La région du Caucase, aux portes de l’Europe, est un carrefour de cultures et d’influences. Cette région conflictuelle est coincée entre trois géants : la Russie au Nord, la Turquie à l’Ouest et l’Iran au Sud. Cette région a souvent été considérée comme une zone tampon entre ces puissances.

L’Azerbaïdjan est le plus peuplé des trois pays indépendants, avec plus de 10 millions d’habitants, contre respectivement 3 et 4 millions d’habitants pour l’Arménie et la Géorgie. Il possède une frontière de 611km avec l’Iran, pays de plus de 88 millions d’habitants, avec qui il entretient des relations complexes et conflictuelles.

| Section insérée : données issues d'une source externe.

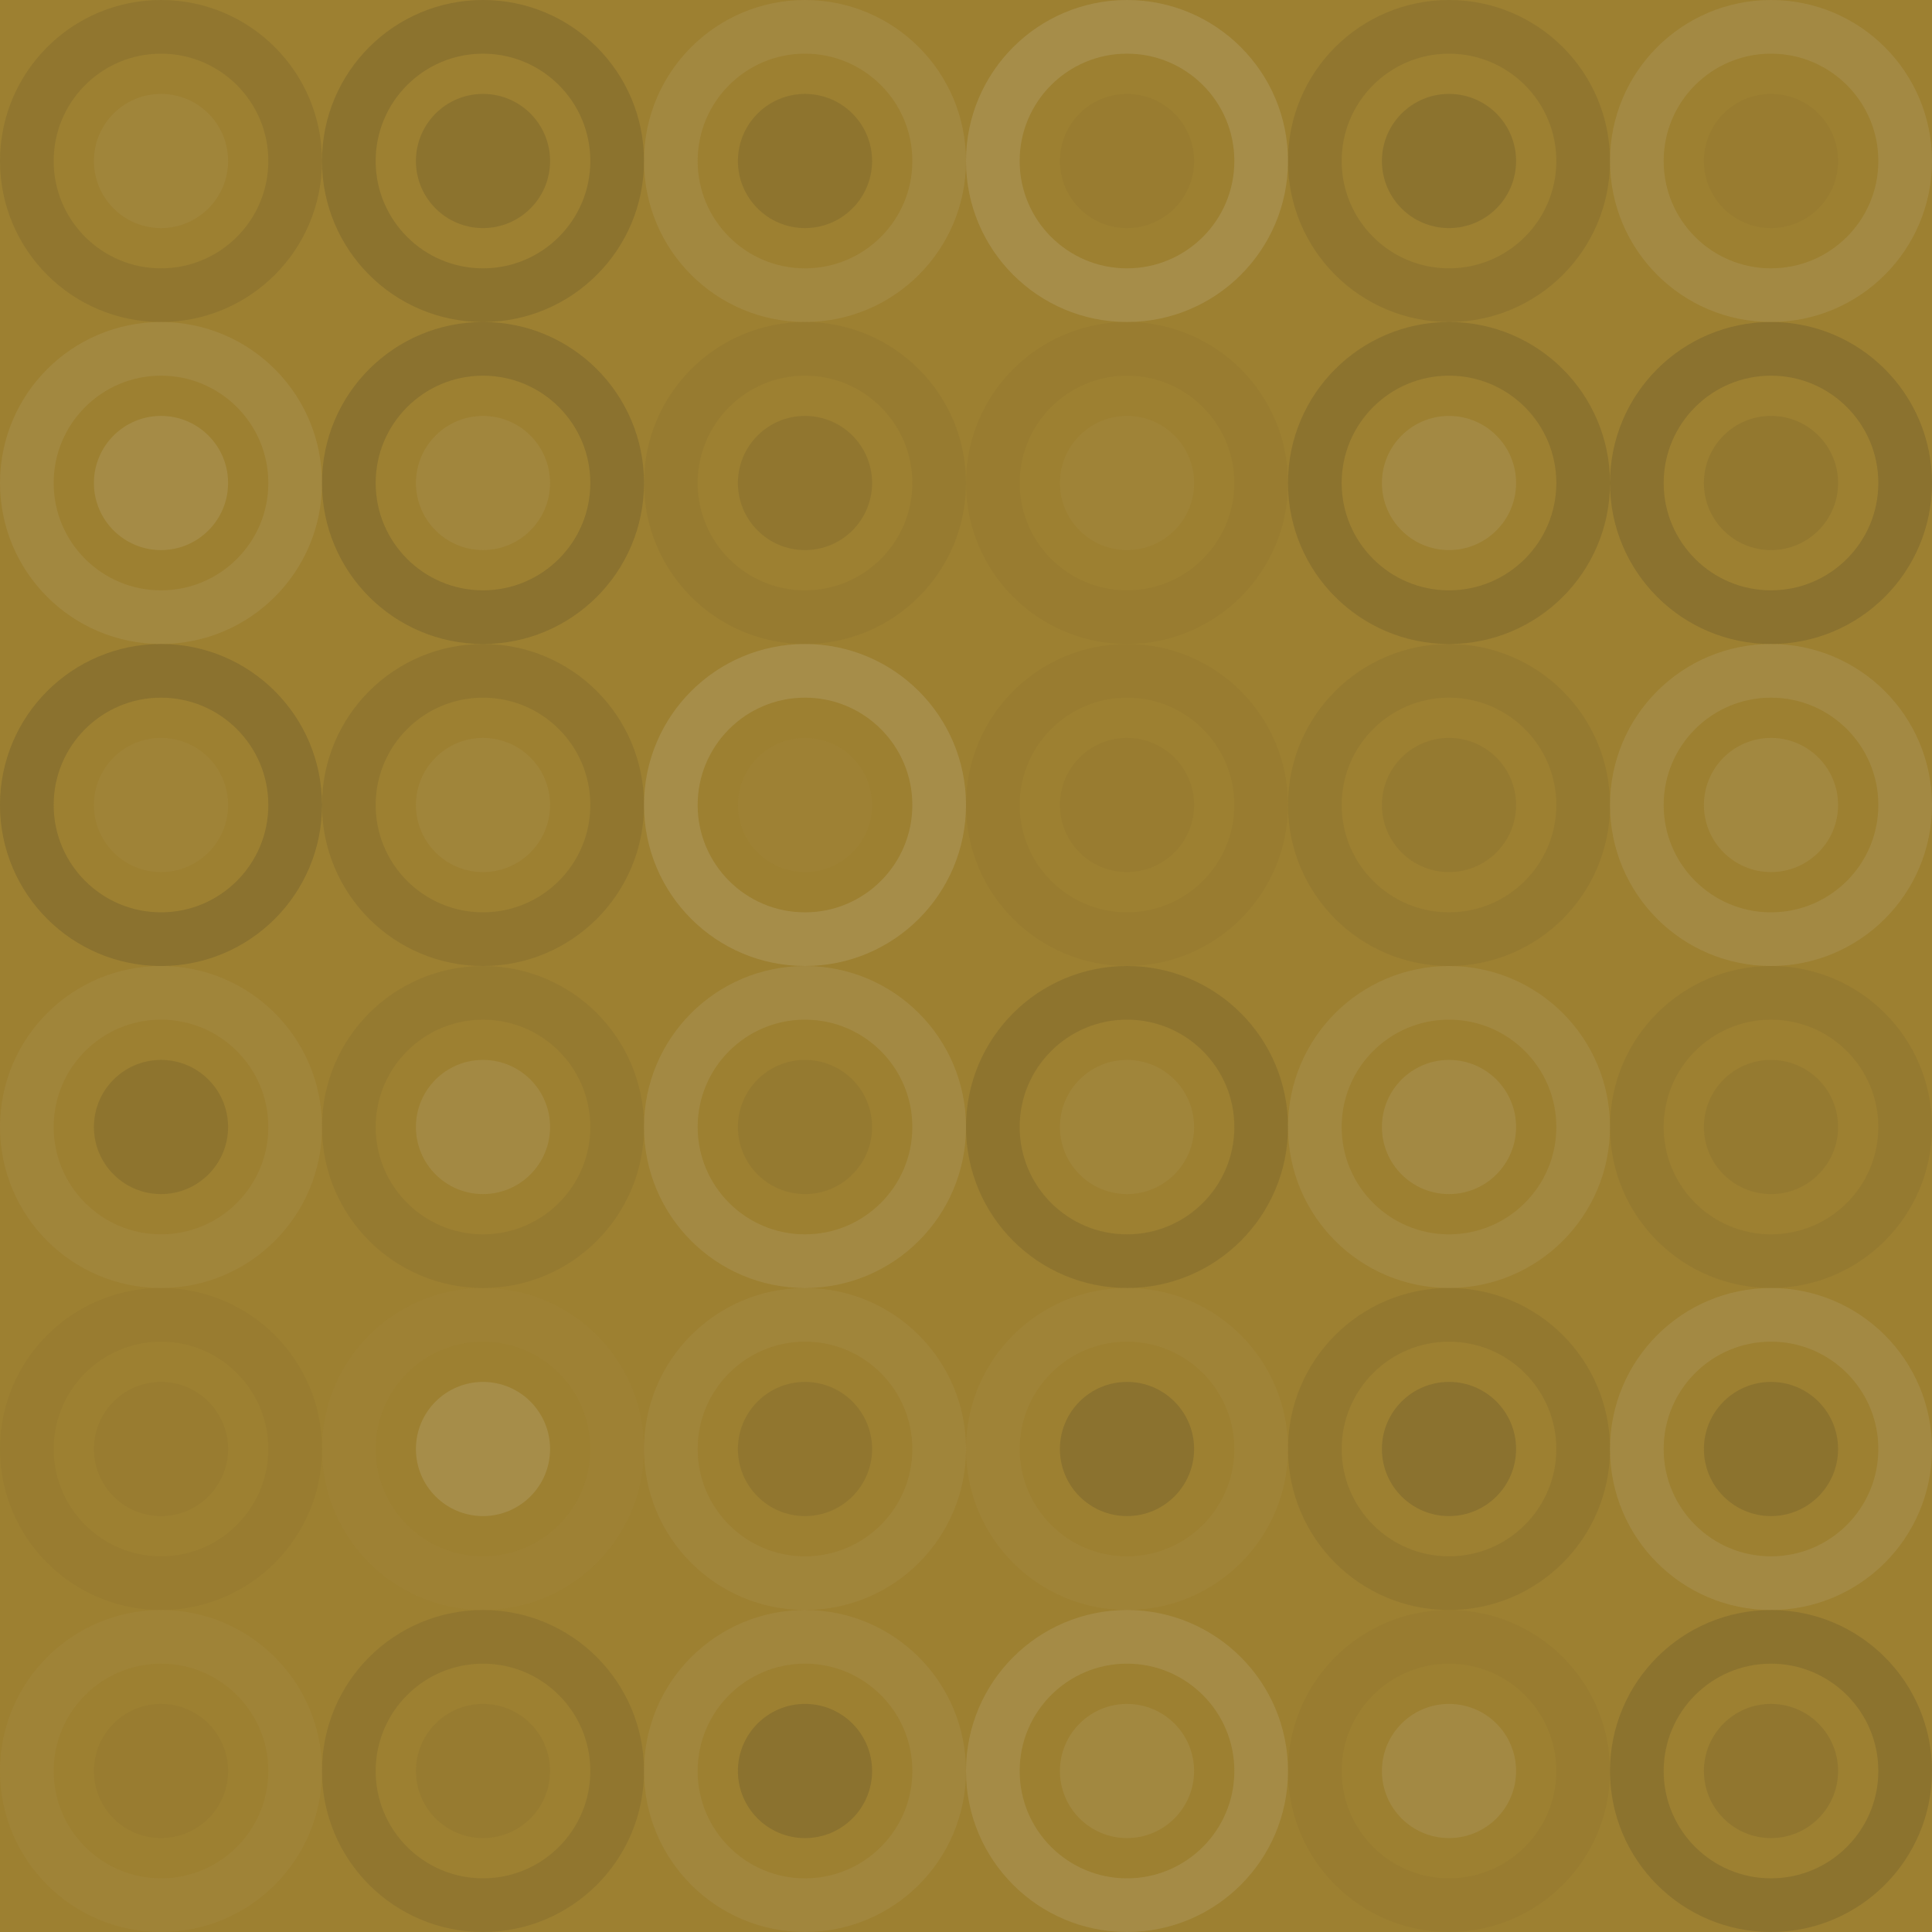 <svg xmlns="http://www.w3.org/2000/svg" width="288" height="288" viewbox="0 0 288 288" preserveAspectRatio="none"><rect x="0" y="0" width="100%" height="100%" fill="rgb(157, 128, 49)" /><circle cx="24" cy="24" r="20" fill="none" stroke="#222" style="opacity:0.098;stroke-width:8px;" /><circle cx="24" cy="24" r="10" fill="#ddd" fill-opacity="0.055" /><circle cx="72" cy="24" r="20" fill="none" stroke="#222" style="opacity:0.133;stroke-width:8px;" /><circle cx="72" cy="24" r="10" fill="#222" fill-opacity="0.133" /><circle cx="120" cy="24" r="20" fill="none" stroke="#ddd" style="opacity:0.089;stroke-width:8px;" /><circle cx="120" cy="24" r="10" fill="#222" fill-opacity="0.115" /><circle cx="168" cy="24" r="20" fill="none" stroke="#ddd" style="opacity:0.141;stroke-width:8px;" /><circle cx="168" cy="24" r="10" fill="#222" fill-opacity="0.029" /><circle cx="216" cy="24" r="20" fill="none" stroke="#222" style="opacity:0.098;stroke-width:8px;" /><circle cx="216" cy="24" r="10" fill="#222" fill-opacity="0.133" /><circle cx="264" cy="24" r="20" fill="none" stroke="#ddd" style="opacity:0.107;stroke-width:8px;" /><circle cx="264" cy="24" r="10" fill="#222" fill-opacity="0.029" /><circle cx="24" cy="72" r="20" fill="none" stroke="#ddd" style="opacity:0.089;stroke-width:8px;" /><circle cx="24" cy="72" r="10" fill="#ddd" fill-opacity="0.124" /><circle cx="72" cy="72" r="20" fill="none" stroke="#222" style="opacity:0.15;stroke-width:8px;" /><circle cx="72" cy="72" r="10" fill="#ddd" fill-opacity="0.072" /><circle cx="120" cy="72" r="20" fill="none" stroke="#222" style="opacity:0.046;stroke-width:8px;" /><circle cx="120" cy="72" r="10" fill="#222" fill-opacity="0.098" /><circle cx="168" cy="72" r="20" fill="none" stroke="#222" style="opacity:0.029;stroke-width:8px;" /><circle cx="168" cy="72" r="10" fill="#ddd" fill-opacity="0.037" /><circle cx="216" cy="72" r="20" fill="none" stroke="#222" style="opacity:0.133;stroke-width:8px;" /><circle cx="216" cy="72" r="10" fill="#ddd" fill-opacity="0.107" /><circle cx="264" cy="72" r="20" fill="none" stroke="#222" style="opacity:0.15;stroke-width:8px;" /><circle cx="264" cy="72" r="10" fill="#222" fill-opacity="0.081" /><circle cx="24" cy="120" r="20" fill="none" stroke="#222" style="opacity:0.15;stroke-width:8px;" /><circle cx="24" cy="120" r="10" fill="#ddd" fill-opacity="0.037" /><circle cx="72" cy="120" r="20" fill="none" stroke="#222" style="opacity:0.098;stroke-width:8px;" /><circle cx="72" cy="120" r="10" fill="#ddd" fill-opacity="0.055" /><circle cx="120" cy="120" r="20" fill="none" stroke="#ddd" style="opacity:0.141;stroke-width:8px;" /><circle cx="120" cy="120" r="10" fill="#ddd" fill-opacity="0.02" /><circle cx="168" cy="120" r="20" fill="none" stroke="#222" style="opacity:0.029;stroke-width:8px;" /><circle cx="168" cy="120" r="10" fill="#222" fill-opacity="0.029" /><circle cx="216" cy="120" r="20" fill="none" stroke="#222" style="opacity:0.063;stroke-width:8px;" /><circle cx="216" cy="120" r="10" fill="#222" fill-opacity="0.063" /><circle cx="264" cy="120" r="20" fill="none" stroke="#ddd" style="opacity:0.107;stroke-width:8px;" /><circle cx="264" cy="120" r="10" fill="#ddd" fill-opacity="0.089" /><circle cx="24" cy="168" r="20" fill="none" stroke="#ddd" style="opacity:0.055;stroke-width:8px;" /><circle cx="24" cy="168" r="10" fill="#222" fill-opacity="0.115" /><circle cx="72" cy="168" r="20" fill="none" stroke="#222" style="opacity:0.063;stroke-width:8px;" /><circle cx="72" cy="168" r="10" fill="#ddd" fill-opacity="0.107" /><circle cx="120" cy="168" r="20" fill="none" stroke="#ddd" style="opacity:0.107;stroke-width:8px;" /><circle cx="120" cy="168" r="10" fill="#222" fill-opacity="0.063" /><circle cx="168" cy="168" r="20" fill="none" stroke="#222" style="opacity:0.115;stroke-width:8px;" /><circle cx="168" cy="168" r="10" fill="#ddd" fill-opacity="0.055" /><circle cx="216" cy="168" r="20" fill="none" stroke="#ddd" style="opacity:0.089;stroke-width:8px;" /><circle cx="216" cy="168" r="10" fill="#ddd" fill-opacity="0.107" /><circle cx="264" cy="168" r="20" fill="none" stroke="#222" style="opacity:0.063;stroke-width:8px;" /><circle cx="264" cy="168" r="10" fill="#222" fill-opacity="0.063" /><circle cx="24" cy="216" r="20" fill="none" stroke="#222" style="opacity:0.029;stroke-width:8px;" /><circle cx="24" cy="216" r="10" fill="#222" fill-opacity="0.029" /><circle cx="72" cy="216" r="20" fill="none" stroke="#ddd" style="opacity:0.02;stroke-width:8px;" /><circle cx="72" cy="216" r="10" fill="#ddd" fill-opacity="0.141" /><circle cx="120" cy="216" r="20" fill="none" stroke="#ddd" style="opacity:0.055;stroke-width:8px;" /><circle cx="120" cy="216" r="10" fill="#222" fill-opacity="0.098" /><circle cx="168" cy="216" r="20" fill="none" stroke="#ddd" style="opacity:0.037;stroke-width:8px;" /><circle cx="168" cy="216" r="10" fill="#222" fill-opacity="0.15" /><circle cx="216" cy="216" r="20" fill="none" stroke="#222" style="opacity:0.081;stroke-width:8px;" /><circle cx="216" cy="216" r="10" fill="#222" fill-opacity="0.15" /><circle cx="264" cy="216" r="20" fill="none" stroke="#ddd" style="opacity:0.107;stroke-width:8px;" /><circle cx="264" cy="216" r="10" fill="#222" fill-opacity="0.133" /><circle cx="24" cy="264" r="20" fill="none" stroke="#ddd" style="opacity:0.037;stroke-width:8px;" /><circle cx="24" cy="264" r="10" fill="#222" fill-opacity="0.029" /><circle cx="72" cy="264" r="20" fill="none" stroke="#222" style="opacity:0.098;stroke-width:8px;" /><circle cx="72" cy="264" r="10" fill="#222" fill-opacity="0.046" /><circle cx="120" cy="264" r="20" fill="none" stroke="#ddd" style="opacity:0.072;stroke-width:8px;" /><circle cx="120" cy="264" r="10" fill="#222" fill-opacity="0.15" /><circle cx="168" cy="264" r="20" fill="none" stroke="#ddd" style="opacity:0.124;stroke-width:8px;" /><circle cx="168" cy="264" r="10" fill="#ddd" fill-opacity="0.089" /><circle cx="216" cy="264" r="20" fill="none" stroke="#222" style="opacity:0.029;stroke-width:8px;" /><circle cx="216" cy="264" r="10" fill="#ddd" fill-opacity="0.107" /><circle cx="264" cy="264" r="20" fill="none" stroke="#222" style="opacity:0.133;stroke-width:8px;" /><circle cx="264" cy="264" r="10" fill="#222" fill-opacity="0.098" /></svg>

Le 19 mai 2024, le président iranien ultra-conservateur Ebrahim Raïssi meurt dans un crash d’hélicoptère après une visite en Azerbaïdjan. Cette visite avait pour objectif de conclure un projet de construction d’un barrage à la frontière des deux pays. Nous pouvons nous demander si sa mort aura un impact sur les relations diplomatiques entre Bakou et Téhéran.

L’objectif de cet article sera de comprendre l’importance stratégique de cette région pour l’Iran, mais aussi les désirs de puissance de l’Azerbaïdjan.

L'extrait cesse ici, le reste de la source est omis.